▶ REQUIRED ACTION
Below are several records. Retype exactly those lines running from the one with "(00:00:41.200)" through the one with "(00:00:47.000)", end lines included, and no others.

Dataset excerpts:
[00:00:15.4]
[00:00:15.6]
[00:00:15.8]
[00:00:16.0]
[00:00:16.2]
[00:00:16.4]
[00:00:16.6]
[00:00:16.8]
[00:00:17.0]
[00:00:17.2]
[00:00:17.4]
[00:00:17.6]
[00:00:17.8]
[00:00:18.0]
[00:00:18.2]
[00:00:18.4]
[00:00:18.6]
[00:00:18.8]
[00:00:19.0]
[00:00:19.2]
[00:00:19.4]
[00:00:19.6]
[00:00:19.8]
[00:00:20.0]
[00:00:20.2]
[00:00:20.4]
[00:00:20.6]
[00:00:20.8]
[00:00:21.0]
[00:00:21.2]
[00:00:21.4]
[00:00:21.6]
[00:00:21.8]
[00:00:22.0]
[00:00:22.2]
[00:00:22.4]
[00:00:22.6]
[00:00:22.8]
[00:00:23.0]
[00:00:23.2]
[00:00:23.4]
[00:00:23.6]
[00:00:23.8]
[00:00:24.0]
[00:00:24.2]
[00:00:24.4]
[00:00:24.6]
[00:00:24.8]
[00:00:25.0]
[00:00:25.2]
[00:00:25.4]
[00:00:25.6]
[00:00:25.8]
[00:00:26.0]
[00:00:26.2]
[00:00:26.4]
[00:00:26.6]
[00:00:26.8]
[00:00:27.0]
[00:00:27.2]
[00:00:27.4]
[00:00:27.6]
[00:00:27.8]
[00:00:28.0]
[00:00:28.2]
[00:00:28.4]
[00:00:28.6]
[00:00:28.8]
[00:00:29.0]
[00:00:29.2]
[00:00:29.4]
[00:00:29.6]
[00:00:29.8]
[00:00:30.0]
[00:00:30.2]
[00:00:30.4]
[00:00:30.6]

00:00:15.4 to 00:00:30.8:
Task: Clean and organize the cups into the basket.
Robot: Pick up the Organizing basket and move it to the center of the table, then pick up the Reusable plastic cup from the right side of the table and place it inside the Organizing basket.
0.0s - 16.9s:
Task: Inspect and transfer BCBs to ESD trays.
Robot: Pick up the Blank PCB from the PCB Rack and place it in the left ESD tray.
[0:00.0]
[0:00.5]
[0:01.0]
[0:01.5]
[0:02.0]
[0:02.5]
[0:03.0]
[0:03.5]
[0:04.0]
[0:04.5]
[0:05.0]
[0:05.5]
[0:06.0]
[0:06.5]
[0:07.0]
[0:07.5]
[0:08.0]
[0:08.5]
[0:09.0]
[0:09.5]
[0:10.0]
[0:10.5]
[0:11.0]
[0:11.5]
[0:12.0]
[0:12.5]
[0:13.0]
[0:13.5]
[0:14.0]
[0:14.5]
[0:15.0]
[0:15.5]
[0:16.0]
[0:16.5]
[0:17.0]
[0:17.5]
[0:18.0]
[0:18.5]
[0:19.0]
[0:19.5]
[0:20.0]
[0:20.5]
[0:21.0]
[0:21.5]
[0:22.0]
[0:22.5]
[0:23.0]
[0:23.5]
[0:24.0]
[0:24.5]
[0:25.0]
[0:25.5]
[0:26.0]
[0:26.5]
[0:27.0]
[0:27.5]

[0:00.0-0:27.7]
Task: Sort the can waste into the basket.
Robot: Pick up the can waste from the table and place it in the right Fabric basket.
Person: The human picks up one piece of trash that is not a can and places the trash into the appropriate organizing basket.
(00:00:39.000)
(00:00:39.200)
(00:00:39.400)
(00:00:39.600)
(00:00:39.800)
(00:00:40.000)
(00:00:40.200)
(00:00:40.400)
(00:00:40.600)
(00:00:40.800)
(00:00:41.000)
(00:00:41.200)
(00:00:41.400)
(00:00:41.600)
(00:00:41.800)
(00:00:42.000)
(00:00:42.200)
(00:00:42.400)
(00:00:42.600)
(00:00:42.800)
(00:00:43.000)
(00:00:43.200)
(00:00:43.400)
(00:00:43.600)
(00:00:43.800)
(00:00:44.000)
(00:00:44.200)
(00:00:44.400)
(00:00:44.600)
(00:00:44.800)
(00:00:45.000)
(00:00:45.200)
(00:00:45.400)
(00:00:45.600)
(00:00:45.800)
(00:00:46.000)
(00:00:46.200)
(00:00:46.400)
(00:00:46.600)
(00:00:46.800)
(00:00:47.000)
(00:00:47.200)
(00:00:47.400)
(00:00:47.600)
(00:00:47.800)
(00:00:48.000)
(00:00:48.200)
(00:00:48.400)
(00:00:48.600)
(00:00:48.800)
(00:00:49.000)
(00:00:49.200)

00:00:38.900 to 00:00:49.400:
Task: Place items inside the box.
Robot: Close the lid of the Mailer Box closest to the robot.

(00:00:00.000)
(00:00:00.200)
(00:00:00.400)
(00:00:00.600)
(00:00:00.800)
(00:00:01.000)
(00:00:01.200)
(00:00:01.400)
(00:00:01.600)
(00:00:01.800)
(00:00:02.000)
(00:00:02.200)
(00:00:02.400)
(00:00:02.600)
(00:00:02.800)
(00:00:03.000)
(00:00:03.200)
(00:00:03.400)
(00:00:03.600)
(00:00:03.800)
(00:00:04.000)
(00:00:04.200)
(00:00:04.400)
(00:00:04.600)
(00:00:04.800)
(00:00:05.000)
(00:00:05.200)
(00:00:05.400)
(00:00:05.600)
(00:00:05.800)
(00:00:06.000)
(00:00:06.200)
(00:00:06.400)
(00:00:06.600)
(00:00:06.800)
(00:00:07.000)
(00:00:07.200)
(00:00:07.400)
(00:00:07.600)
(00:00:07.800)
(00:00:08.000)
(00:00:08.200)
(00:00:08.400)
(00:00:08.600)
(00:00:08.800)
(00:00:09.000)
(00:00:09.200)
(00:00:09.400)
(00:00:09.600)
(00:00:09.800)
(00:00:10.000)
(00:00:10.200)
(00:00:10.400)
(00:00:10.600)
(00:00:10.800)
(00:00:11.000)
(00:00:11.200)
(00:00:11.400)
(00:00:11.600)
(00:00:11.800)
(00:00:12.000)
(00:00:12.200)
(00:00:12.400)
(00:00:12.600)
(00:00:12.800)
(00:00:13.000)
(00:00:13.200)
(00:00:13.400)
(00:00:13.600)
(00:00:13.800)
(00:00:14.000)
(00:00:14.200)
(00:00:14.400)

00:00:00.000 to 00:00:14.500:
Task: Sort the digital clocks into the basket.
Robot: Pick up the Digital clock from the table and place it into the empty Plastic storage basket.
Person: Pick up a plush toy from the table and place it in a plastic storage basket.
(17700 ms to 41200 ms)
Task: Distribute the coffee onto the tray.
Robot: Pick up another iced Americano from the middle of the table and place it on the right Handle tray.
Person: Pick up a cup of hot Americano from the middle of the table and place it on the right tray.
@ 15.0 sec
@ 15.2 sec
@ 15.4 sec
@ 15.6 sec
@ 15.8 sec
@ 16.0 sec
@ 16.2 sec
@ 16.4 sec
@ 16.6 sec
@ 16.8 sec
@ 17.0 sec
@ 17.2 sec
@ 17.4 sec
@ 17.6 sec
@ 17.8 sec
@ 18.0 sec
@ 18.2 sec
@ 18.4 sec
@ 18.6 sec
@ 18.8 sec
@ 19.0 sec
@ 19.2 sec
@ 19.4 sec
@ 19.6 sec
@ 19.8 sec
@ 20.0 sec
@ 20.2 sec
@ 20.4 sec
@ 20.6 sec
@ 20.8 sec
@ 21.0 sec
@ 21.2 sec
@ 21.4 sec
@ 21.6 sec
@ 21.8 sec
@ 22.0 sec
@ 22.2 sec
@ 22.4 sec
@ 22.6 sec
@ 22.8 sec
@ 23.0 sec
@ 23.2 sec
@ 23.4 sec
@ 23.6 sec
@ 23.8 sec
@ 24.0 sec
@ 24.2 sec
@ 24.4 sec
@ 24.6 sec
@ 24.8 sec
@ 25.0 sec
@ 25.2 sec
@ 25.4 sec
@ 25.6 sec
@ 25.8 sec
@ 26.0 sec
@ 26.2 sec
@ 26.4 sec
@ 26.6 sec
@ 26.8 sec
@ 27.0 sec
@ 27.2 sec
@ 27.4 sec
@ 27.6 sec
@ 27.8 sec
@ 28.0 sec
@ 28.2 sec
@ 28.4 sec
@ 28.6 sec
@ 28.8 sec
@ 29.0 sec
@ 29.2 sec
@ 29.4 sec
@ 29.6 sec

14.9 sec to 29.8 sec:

▶ RESULT FOR THIS EXERCISE
(00:00:41.200)
(00:00:41.400)
(00:00:41.600)
(00:00:41.800)
(00:00:42.000)
(00:00:42.200)
(00:00:42.400)
(00:00:42.600)
(00:00:42.800)
(00:00:43.000)
(00:00:43.200)
(00:00:43.400)
(00:00:43.600)
(00:00:43.800)
(00:00:44.000)
(00:00:44.200)
(00:00:44.400)
(00:00:44.600)
(00:00:44.800)
(00:00:45.000)
(00:00:45.200)
(00:00:45.400)
(00:00:45.600)
(00:00:45.800)
(00:00:46.000)
(00:00:46.200)
(00:00:46.400)
(00:00:46.600)
(00:00:46.800)
(00:00:47.000)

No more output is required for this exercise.